The result should be a word-for-word retyping of the entries below, free of pictures.

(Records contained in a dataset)
_ _ _

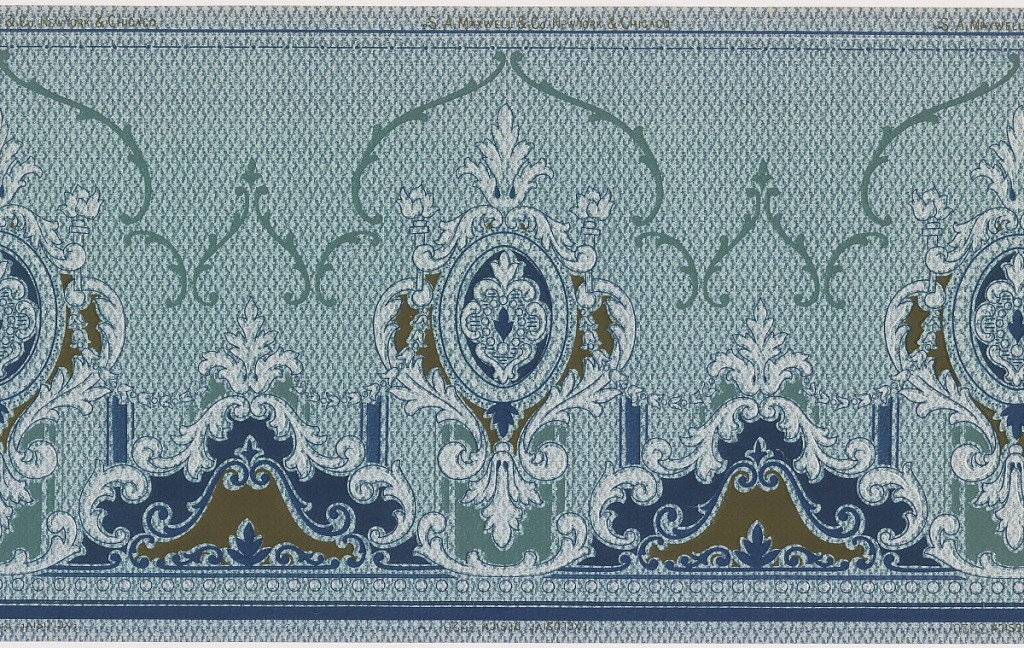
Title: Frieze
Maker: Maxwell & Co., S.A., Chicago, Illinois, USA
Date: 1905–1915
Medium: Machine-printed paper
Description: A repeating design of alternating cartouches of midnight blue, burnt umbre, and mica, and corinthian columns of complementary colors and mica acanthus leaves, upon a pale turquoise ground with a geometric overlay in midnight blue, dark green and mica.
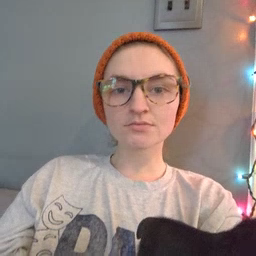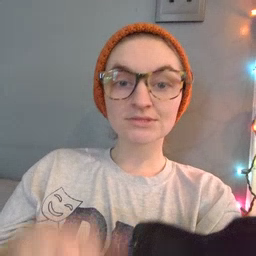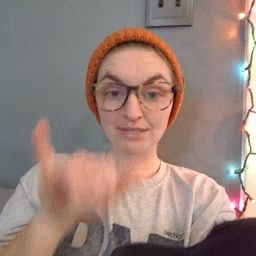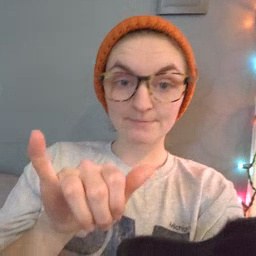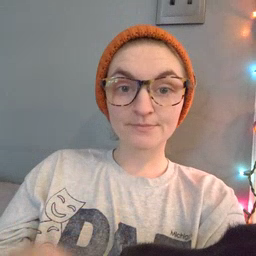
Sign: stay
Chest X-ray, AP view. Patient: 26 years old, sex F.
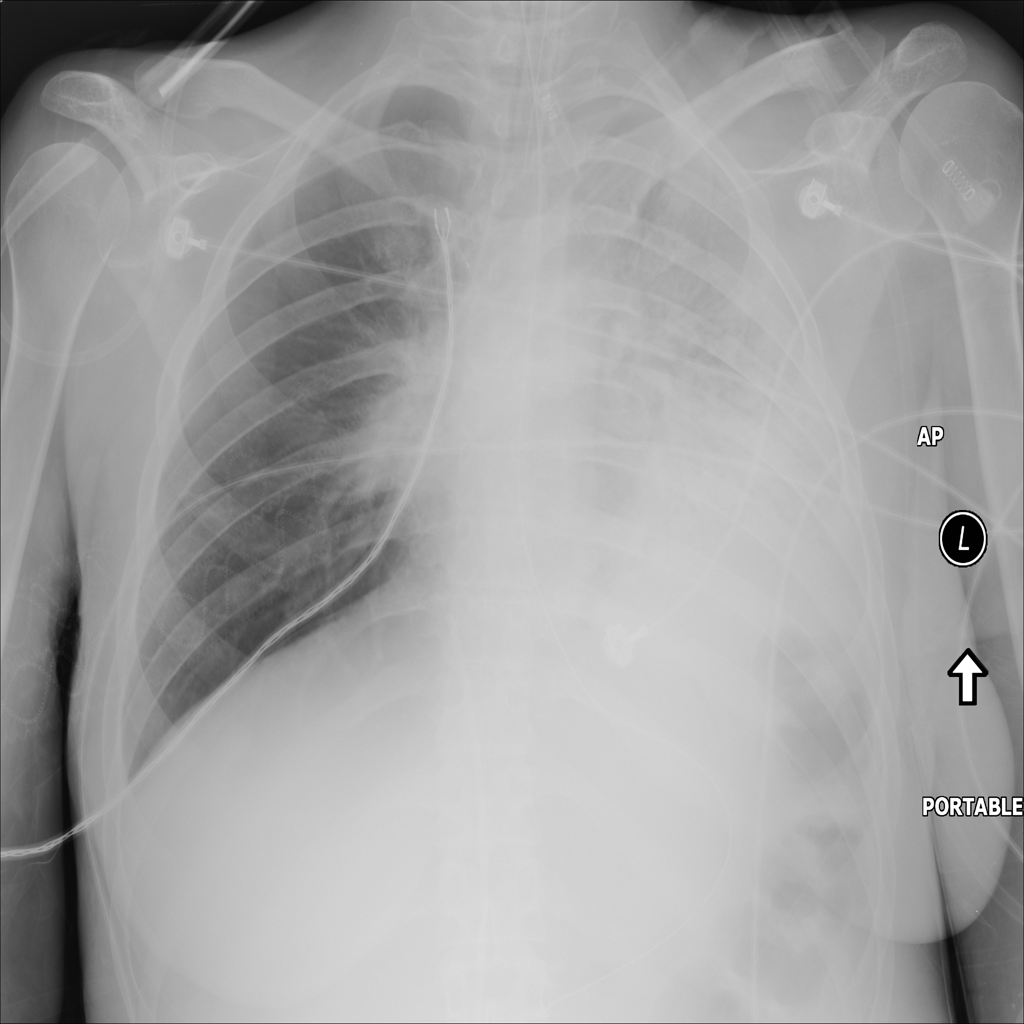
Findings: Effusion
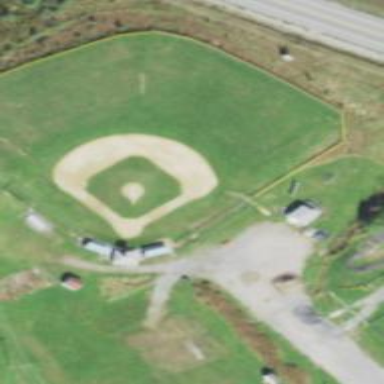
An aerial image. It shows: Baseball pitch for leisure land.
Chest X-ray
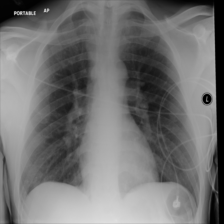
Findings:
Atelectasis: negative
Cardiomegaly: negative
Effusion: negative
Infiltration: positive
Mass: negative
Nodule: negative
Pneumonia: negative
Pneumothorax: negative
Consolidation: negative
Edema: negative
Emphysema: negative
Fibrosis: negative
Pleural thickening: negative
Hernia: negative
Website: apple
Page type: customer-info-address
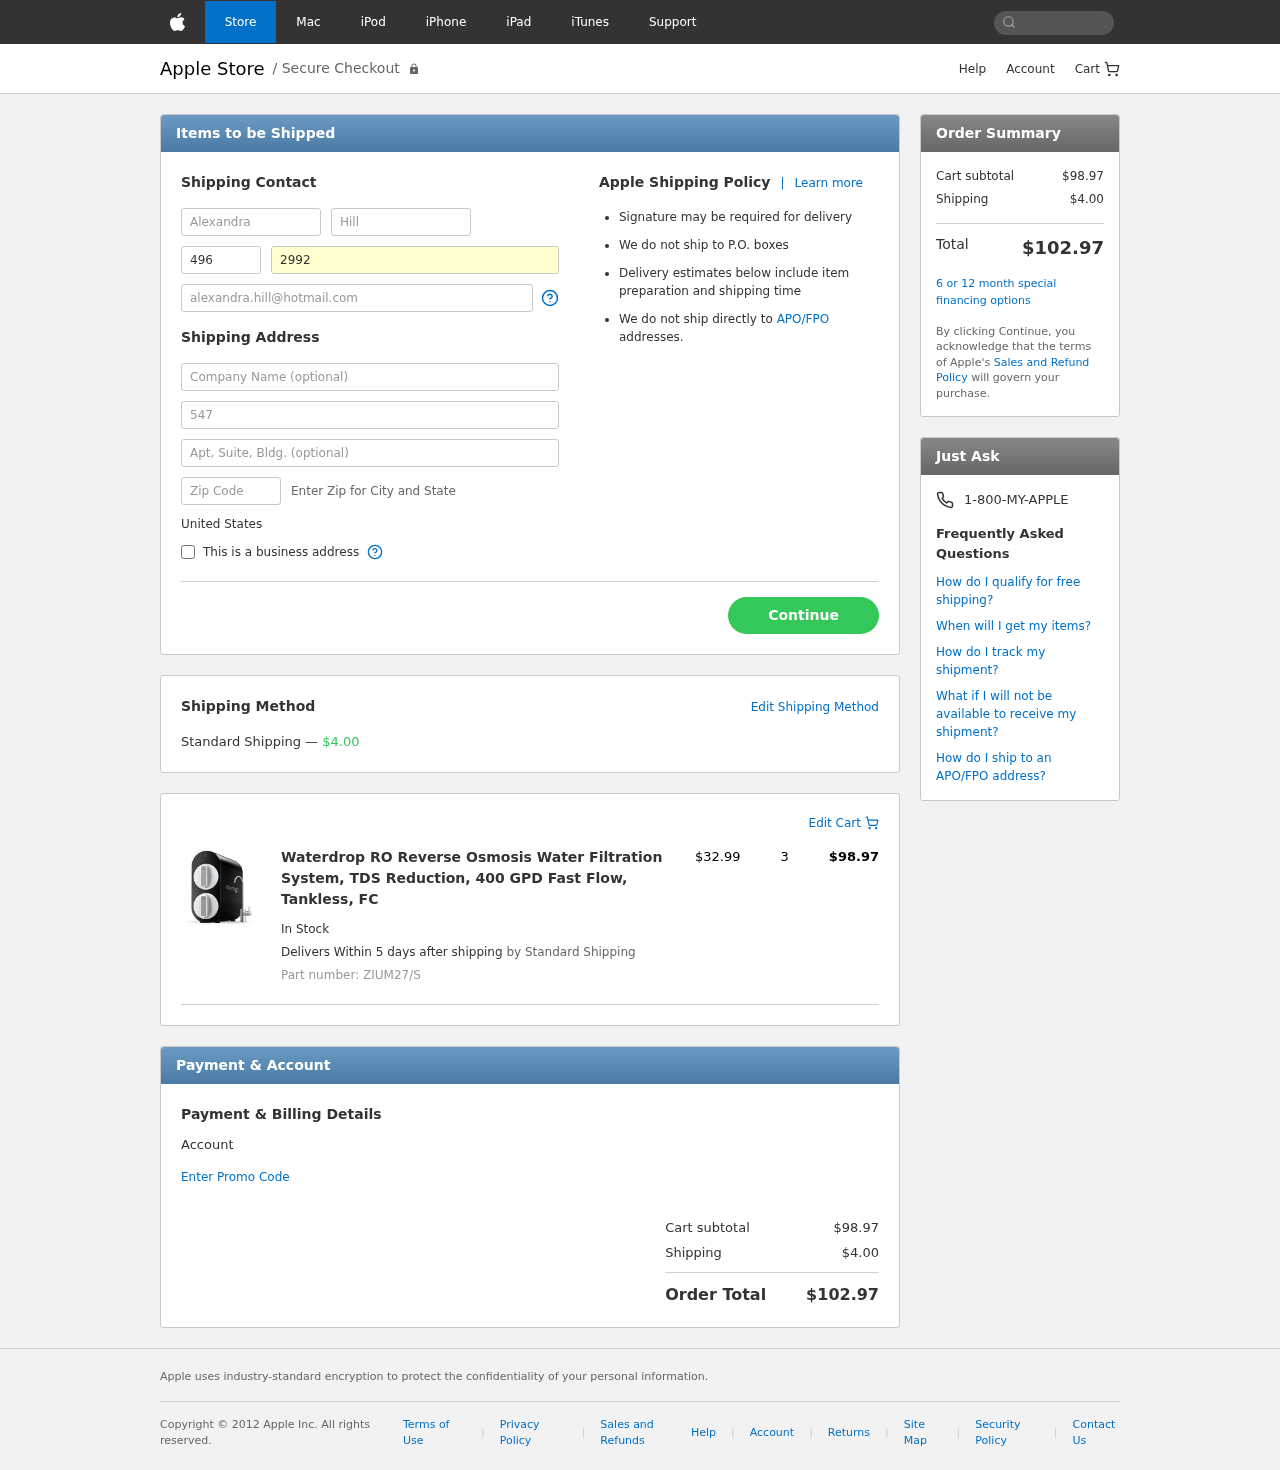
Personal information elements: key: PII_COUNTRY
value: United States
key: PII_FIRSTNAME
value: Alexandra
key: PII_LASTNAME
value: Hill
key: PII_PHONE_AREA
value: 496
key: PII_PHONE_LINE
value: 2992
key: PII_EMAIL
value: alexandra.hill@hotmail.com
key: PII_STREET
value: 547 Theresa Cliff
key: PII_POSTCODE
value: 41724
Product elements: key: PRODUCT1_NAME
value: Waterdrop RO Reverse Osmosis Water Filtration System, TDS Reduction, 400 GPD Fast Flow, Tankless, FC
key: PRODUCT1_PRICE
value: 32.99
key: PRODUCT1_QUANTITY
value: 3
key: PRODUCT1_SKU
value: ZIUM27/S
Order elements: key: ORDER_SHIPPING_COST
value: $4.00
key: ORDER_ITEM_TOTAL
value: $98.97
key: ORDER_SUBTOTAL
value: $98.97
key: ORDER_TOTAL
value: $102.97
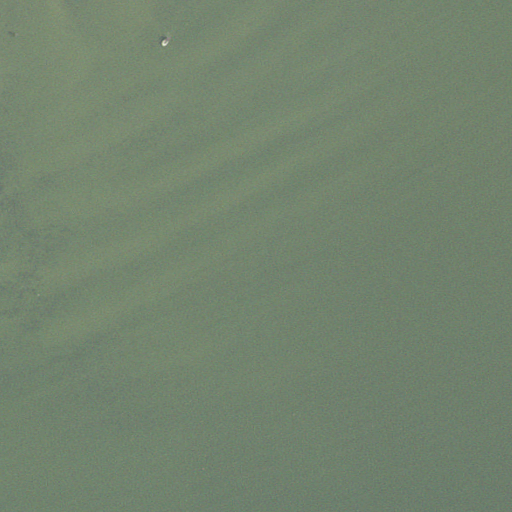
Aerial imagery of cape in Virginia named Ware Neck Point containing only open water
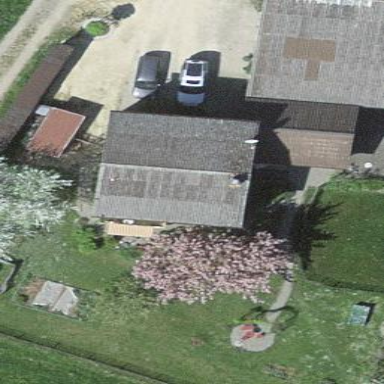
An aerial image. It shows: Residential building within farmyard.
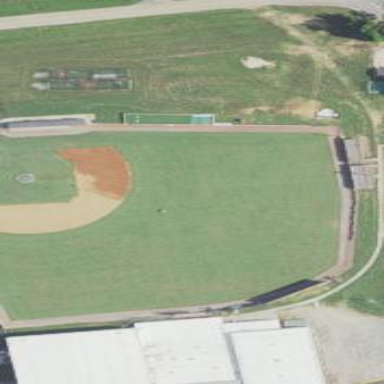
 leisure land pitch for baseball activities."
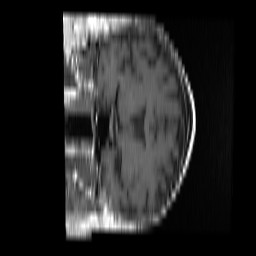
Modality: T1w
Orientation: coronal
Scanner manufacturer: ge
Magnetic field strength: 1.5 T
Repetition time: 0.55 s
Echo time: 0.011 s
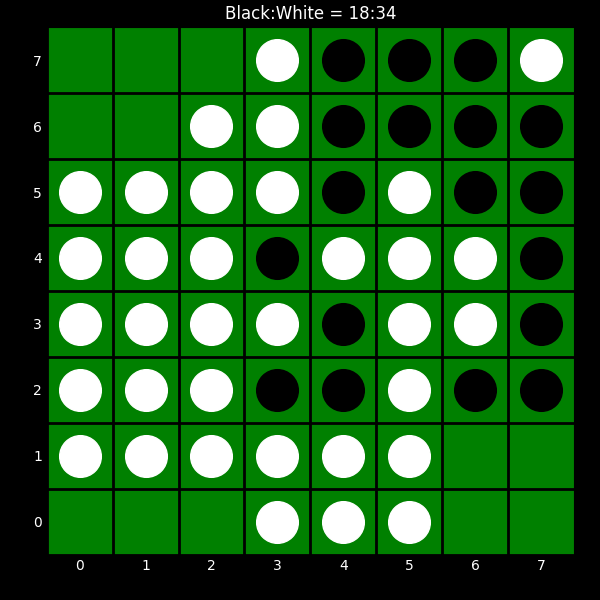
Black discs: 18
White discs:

_ _ _

Solved exercise.
Title: Frieze
Maker: Maxwell & Co., S.A., Chicago, Illinois, USA
Date: 1905–1915
Medium: Machine-printed paper
Description: A repeating design of alternating cartouches of midnight blue, burnt umbre, and mica, and corinthian columns of complementary colors and mica acanthus leaves, upon a pale turquoise ground with a geometric overlay in midnight blue, dark green and mica.
Sign: stay
Chest X-ray, AP view. Patient: 26 years old, sex F.
Findings: Effusion
An aerial image. It shows: Baseball pitch for leisure land.
Chest X-ray
Findings:
Atelectasis: negative
Cardiomegaly: negative
Effusion: negative
Infiltration: positive
Mass: negative
Nodule: negative
Pneumonia: negative
Pneumothorax: negative
Consolidation: negative
Edema: negative
Emphysema: negative
Fibrosis: negative
Pleural thickening: negative
Hernia: negative
Website: apple
Page type: customer-info-address
Personal information elements: key: PII_COUNTRY
value: United States
key: PII_FIRSTNAME
value: Alexandra
key: PII_LASTNAME
value: Hill
key: PII_PHONE_AREA
value: 496
key: PII_PHONE_LINE
value: 2992
key: PII_EMAIL
value: alexandra.hill@hotmail.com
key: PII_STREET
value: 547 Theresa Cliff
key: PII_POSTCODE
value: 41724
Product elements: key: PRODUCT1_NAME
value: Waterdrop RO Reverse Osmosis Water Filtration System, TDS Reduction, 400 GPD Fast Flow, Tankless, FC
key: PRODUCT1_PRICE
value: 32.99
key: PRODUCT1_QUANTITY
value: 3
key: PRODUCT1_SKU
value: ZIUM27/S
Order elements: key: ORDER_SHIPPING_COST
value: $4.00
key: ORDER_ITEM_TOTAL
value: $98.97
key: ORDER_SUBTOTAL
value: $98.97
key: ORDER_TOTAL
value: $102.97
Aerial imagery of cape in Virginia named Ware Neck Point containing only open water
An aerial image. It shows: Residential building within farmyard.
 leisure land pitch for baseball activities."
Modality: T1w
Orientation: coronal
Scanner manufacturer: ge
Magnetic field strength: 1.5 T
Repetition time: 0.55 s
Echo time: 0.011 s
Black discs: 18
White discs:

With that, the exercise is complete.